Discrete trials are the giving of an instruction which has a definite beginning and ending.  The beginning is the actual giving of the instruction and the end is the directed individual following (or not following) the instruction within a certain length of time (a few seconds).  This would be one discrete trial.  Trials can include mass (several) and expanded (several instructions) trials.  They use the following concepts:

  • breakdown tasks into very small units
  • systematic use of reinforcement as reward (food, toy or praise)
  • very clear simple language

  • errorless teaching is used by prompting the person so they don't get frustrated and get wanted reward

  • prompting is done from most-to-least.  You do the most prompting when starting a new activity such as hand over hand assistance.  Least prompting for tasks that are already or almost learned such as visual prompting

  • prompting includes: physical (includes hand over hand), positional (where it's placed on the table), gestural (pointing), verbal, and visual (use of instructors eyes).

The ways to teach children with autism are evolving constantly.
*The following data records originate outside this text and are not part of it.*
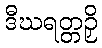
ဒီဃရတ္တဉှိ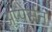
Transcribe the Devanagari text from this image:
अप्पेर्सन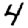
Digit: 4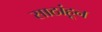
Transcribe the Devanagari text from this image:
साठांहून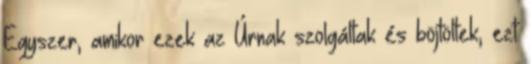
Egyszer, amikor ezek az Úrnak szolgáltak és böjtöltek, ezt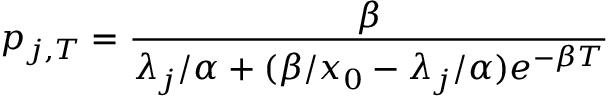
p _ { j , T } = \frac { \beta } { \lambda _ { j } / \alpha + ( \beta / x _ { 0 } - \lambda _ { j } / \alpha ) e ^ { - \beta T } }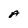
Character: A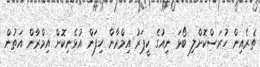
ތެރެއިން ހުރަސްކޮށްލި ބޯޅަ ނިއުގެ ކީޕަރު އިމްރާން ހިފަން އުޅެނިކޮށް އިމްރާން އަތުން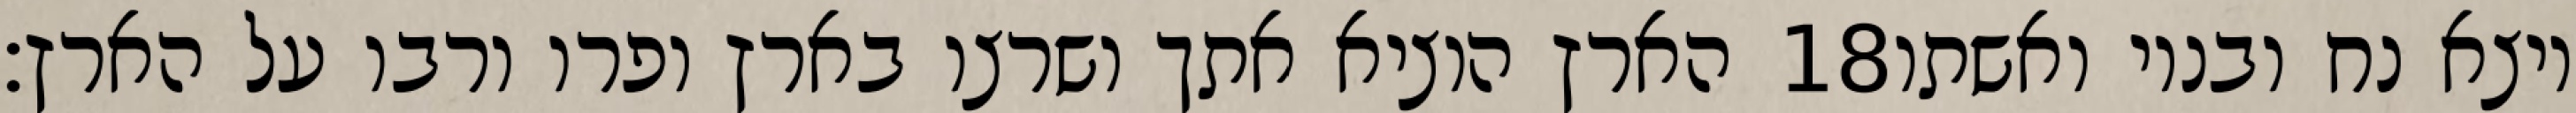
הארץ הוציא אתך ושרצו בארץ ופרו ורבו על הארץ׃ ‎18‏ ויצא נח ובניו ואשתו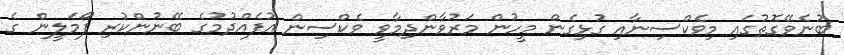
ބުނެވޭގޮތުގައި މިވެކްސިނާއި ގުޅިގެން މީހުން މަރުވާންދިމާވީ ވެކްސިން އުފެއްދުމުގެ ބޭނުންކުރި ފޯމަލީން ގެ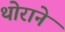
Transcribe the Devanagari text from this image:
थोराने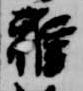
雅

Many parents complete courses from a variety of special education programs in hopes of staying current with new teaching styles.

As you might be able to tell prompting is very important.  Knowing when to use it and not use it is the hardest part for me anyway.

It is used to teach:

  • receptive language (to show an understanding of language)
  • expressive language (spoken use of language)
  • action on object command ("Put the toy on the chair.")

Incidental teaching or finding natural opportunities is also very important.  Finding that small window of interest can get the ball rolling!  It can assist with focus and the student being able to sit still.

Try these books:

  • A Work in Progress:  Behavior Management, Strategies and a Curriculum for Intensive Behavioral Treatment of Autism by Ron Leaf and John McEachin, Published by DRL Books, LLC, ISBN 0-9665266-0-0, 1999.
  • ABLLS, Assessment of Basic Language and Learning Skills is an assessment, curriculum guide and skills tracking system for children with autism and developmental disabilities.  This is an expensive, but valuable system that the school system should own.  Ask them about it!
  • Behavioral Intervention for Young Children with Autism:  A Manual for Parents and Professional by Catherine Maurice who saved two of her children, 1996.
  • Helping Children with Autism Learn:  A Guide to Treatment Approaches for Parents and Professionals, by Bryna Siegel, 2003.